The unconditional love of God

I once heard Rebecca St. James state this liberating truth in a concert: “There is nothing you can do to make God love you more, and there’s nothing you can do to make God love you less.” This is a profound statement. Too often we are tempted to think, “If I just perform well enough for God. If I tithe to the church, or read the Bible; if I do all the things that a good Christian is supposed to do, then God will love me more.” We also reason, “If I’m selfish, if I’m proud and arrogant, if I snap in anger at my spouse, if I indulge in sin, then God will love me less.” This isn’t true.

I’m making a “T” signal with my hands to signal a time-out, as football teams do (by the way, good first game, Broncos! Keep it up.). We need to take a time-out. I have to give a very important clarification. Based on what I’ve said thus far, some may presume that I’m suggesting that it is acceptable to sin until your heart’s content, because God’s love will remain constant and unchanging anyway. Please understand: I am not at all advocating this. It is wrong to assume that we should go out and do any self-centered thing we want to do just because God’s love will always endure.
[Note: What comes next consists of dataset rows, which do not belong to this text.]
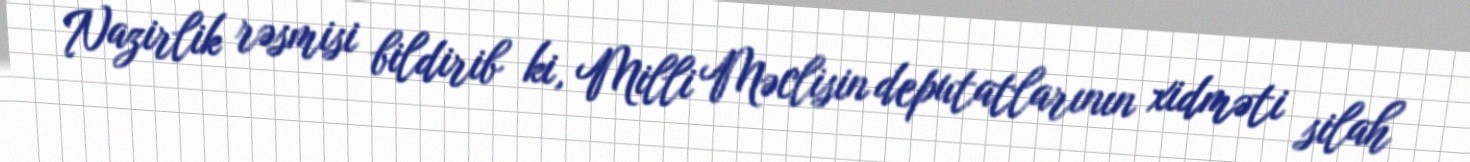
Nazirlik rəsmisi bildirib ki, Milli Məclisin deputatlarının xidməti silah
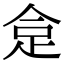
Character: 𧿍
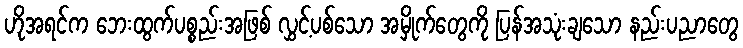
ဟိုအရင်က ဘေးထွက်ပစ္စည်းအဖြစ် လွှင့်ပစ်သော အမှိုက်တွေကို ပြန်အသုံးချသော နည်းပညာတွေ
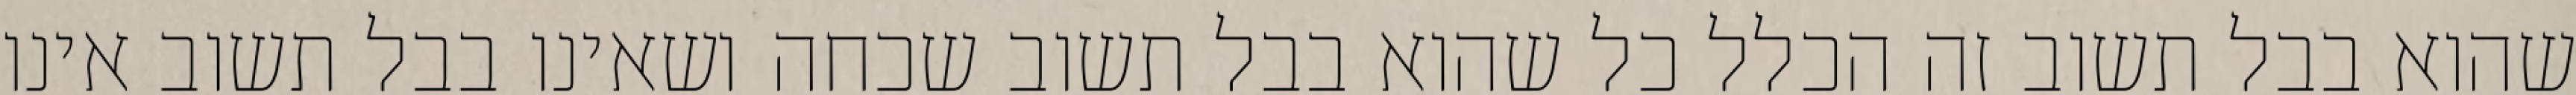
שהוא בבל תשוב זה הכלל כל שהוא בבל תשוב שכחה ושאינו בבל תשוב אינו
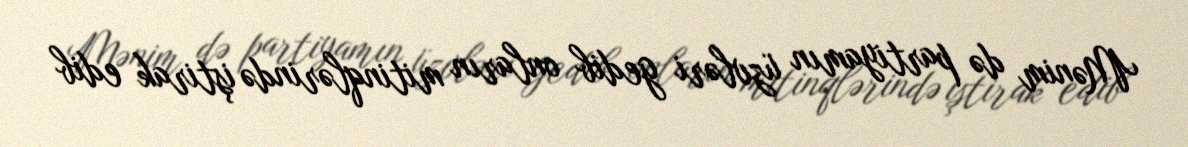
Mənim də partiyamın üzvləri gedib onların mitinqlərində iştirak edib
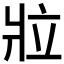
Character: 𬌁
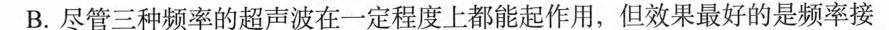
B.尽管三种频率的超声波在一定程度上都能起作用，但效果最好的是频率接
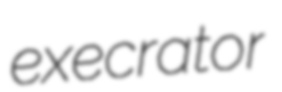
execrator
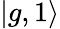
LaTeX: \vert g,1\rangle
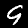
Label: 9
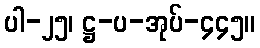
ပါ-၂၅၊ ဋ္ဌ-ပ-အုပ်-၄၄၅။
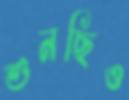
শুনছিও
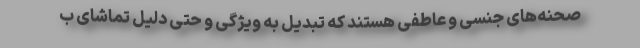
صحنه‌های جنسی و عاطفی هستند که تبدیل به ویژگی و حتی دلیل تماشای ب
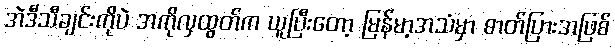
အဲဒီသီချင်းကိုပဲ အကိုလှထွတ်က ယူပြီးတော့ မြန်မာ့အသံမှာ ဓာတ်ပြားအဖြစ်
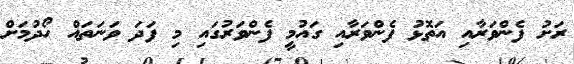
ރަށު ފެންވަރާއި އަތޮޅު ފެންވަރާއި ގައުމީ ފެންވަރުގައި މި ފަދަ ވަނަތައް ހޯދުމަށް
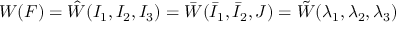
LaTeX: W ( { \boldsymbol { F } } ) = { \hat { W } } ( I _ { 1 } , I _ { 2 } , I _ { 3 } ) = { \bar { W } } ( { \bar { I } } _ { 1 } , { \bar { I } } _ { 2 } , J ) = { \tilde { W } } ( \lambda _ { 1 } , \lambda _ { 2 } , \lambda _ { 3 } )
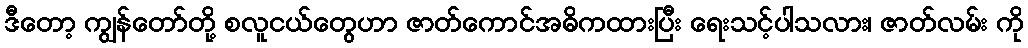
ဒီတော့ ကျွန်တော်တို့ စလူငယ်တွေဟာ ဇာတ်ကောင်အဓိကထားပြီး ရေးသင့်ပါသလား၊ ဇာတ်လမ်း ကို
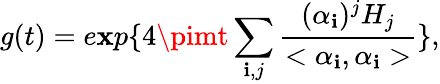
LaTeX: g(t)=e\mathbf{x}p\{ 4\pimt\sum_{\mathbf{i},j}\frac{{(\alpha_{\mathbf{i}})^{j}H_{j}}}{{<\alpha_{\mathbf{i}},\alpha_{\mathbf{i}}>}}\} ,
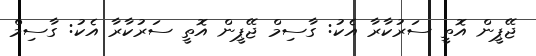
ޖޭޕީން އޮތީ ސަރުކާރާ އެކު: ގާސިމް ޖޭޕީން އޮތީ ސަރުކާރާ އެކު: ގާސިމް

The reality is if we choose to live an unrighteous and unholy life, God will actually begin to discipline and correct us, as the Bible tells us in Hebrews 12. He does this out of love for His children because the precepts He has laid out in His Word are actually for our protection, not our deprivation. I hope it’s crystal clear that I’m not suggesting that we can just go out and live any way we want. Having said all this, the Bible says in 1 John chapter 1 that there’s not a person on this planet that lives a perfect and sinless life. We all make mistakes. In those episodes of making sinful mistakes, God’s love for us doesn’t diminish.

Furthermore, as we flip the coin over, it is great to go to church; it's great to give God your tithes and offerings. It's great to pray and read the Bible, etc. However, it's easy for this to become a legalistic ritual. We can begin to think that if we do these things we somehow magically earn Heavenly merit badges before God. God doesn't say, "Make sure you do this and this. Make sure you check off all the boxes, and I'll love you more than I did before." No, nothing could be further from the truth. God doesn't expect us to perform for Him in a legalistic way. We do these things because we want to, not because we have to. Additionally, a Christian is in right standing with God because of Jesus and Jesus alone, not because of any works.